12 Moons Solo Saxophone Project Day 183
Instrument: Tenor saxophone
Location: Home studio in Clinton, WA (Whidbey Island)
This morning my wife and I bought a card game called “Set” which uses pattern-based pictorial recognition. The cards are laid face up on the table for all to see, and the first person to spot a correct pattern wins the cards. I was surprised by how challenging this game was for me, and I decided to cary this theme into my practice session. During the game, if a pattern does exist in the cards in play, it is laying on the table waiting to be discovered. The only hurdle is the right mind to see it. This evening I set out to find a new fingering system with what ought to be an obvious choice I have yet to use. The moment I came upon the system used during this improvisation, I was incredibly surprised that I had not specifically improvised with it before. The finger shape is simple, but it is the embouchure shape that brings out the wide variety of color. It’s of course very likely that I’ve played this fingering system in the past, but I’m almost certain this is the first time I’ve played it in an isolated fashion.

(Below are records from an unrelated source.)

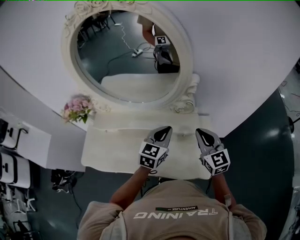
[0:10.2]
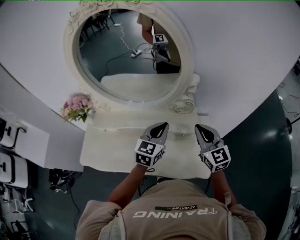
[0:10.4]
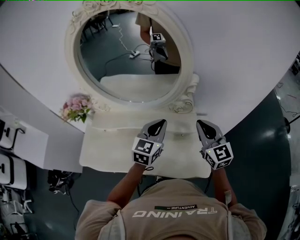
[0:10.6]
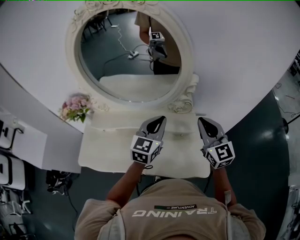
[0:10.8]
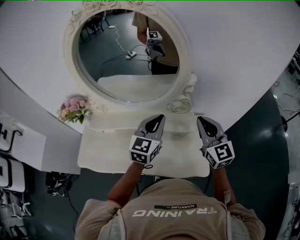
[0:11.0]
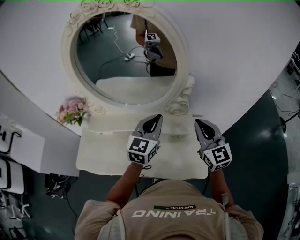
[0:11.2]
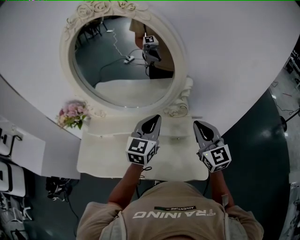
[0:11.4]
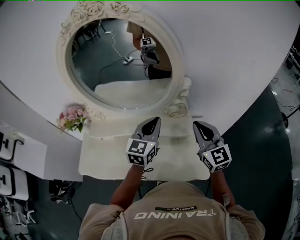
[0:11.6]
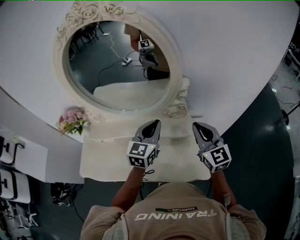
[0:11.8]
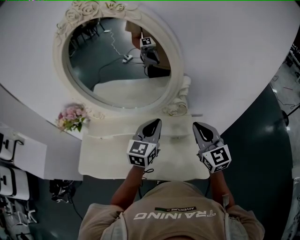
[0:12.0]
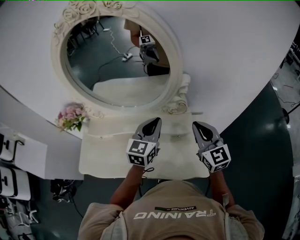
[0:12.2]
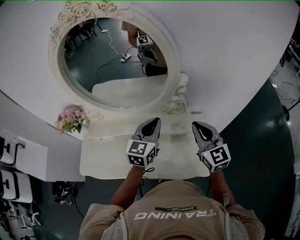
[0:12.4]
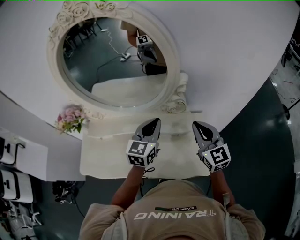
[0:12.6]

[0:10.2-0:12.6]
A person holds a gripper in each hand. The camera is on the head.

The fingering system used a very common recurring theme for me, which is a static drone with melodic action above it. The drone is a Concert Bb (quarter step high) in the upper register of the tenor. By continuously trilling the G key with the right hand (crossing over into what is usually the territory of the left hand), various shapes emerged, including recurring minor third intervals and other sustained altissimo pitches. I used my embouchure to bend tones up and down while the drone and minor third shapes continued below. Near the end of the piece, I released the octave key but maintained the same finger system. This resulted in a much more focused, middle octave drone on a concert C (quarter step flat). The fingering used was as follows:
(Left Hand) B-A keys, Octave, Palm D. Continuosly trill the G key with the right hand index finger. To create further sound colors, I also slowly opened and closed the B or A keys in the left hand.
The image “Technology/Transformation: Wonder Woman” accompanying today’s post by Dara Birnbaum (1978-1979)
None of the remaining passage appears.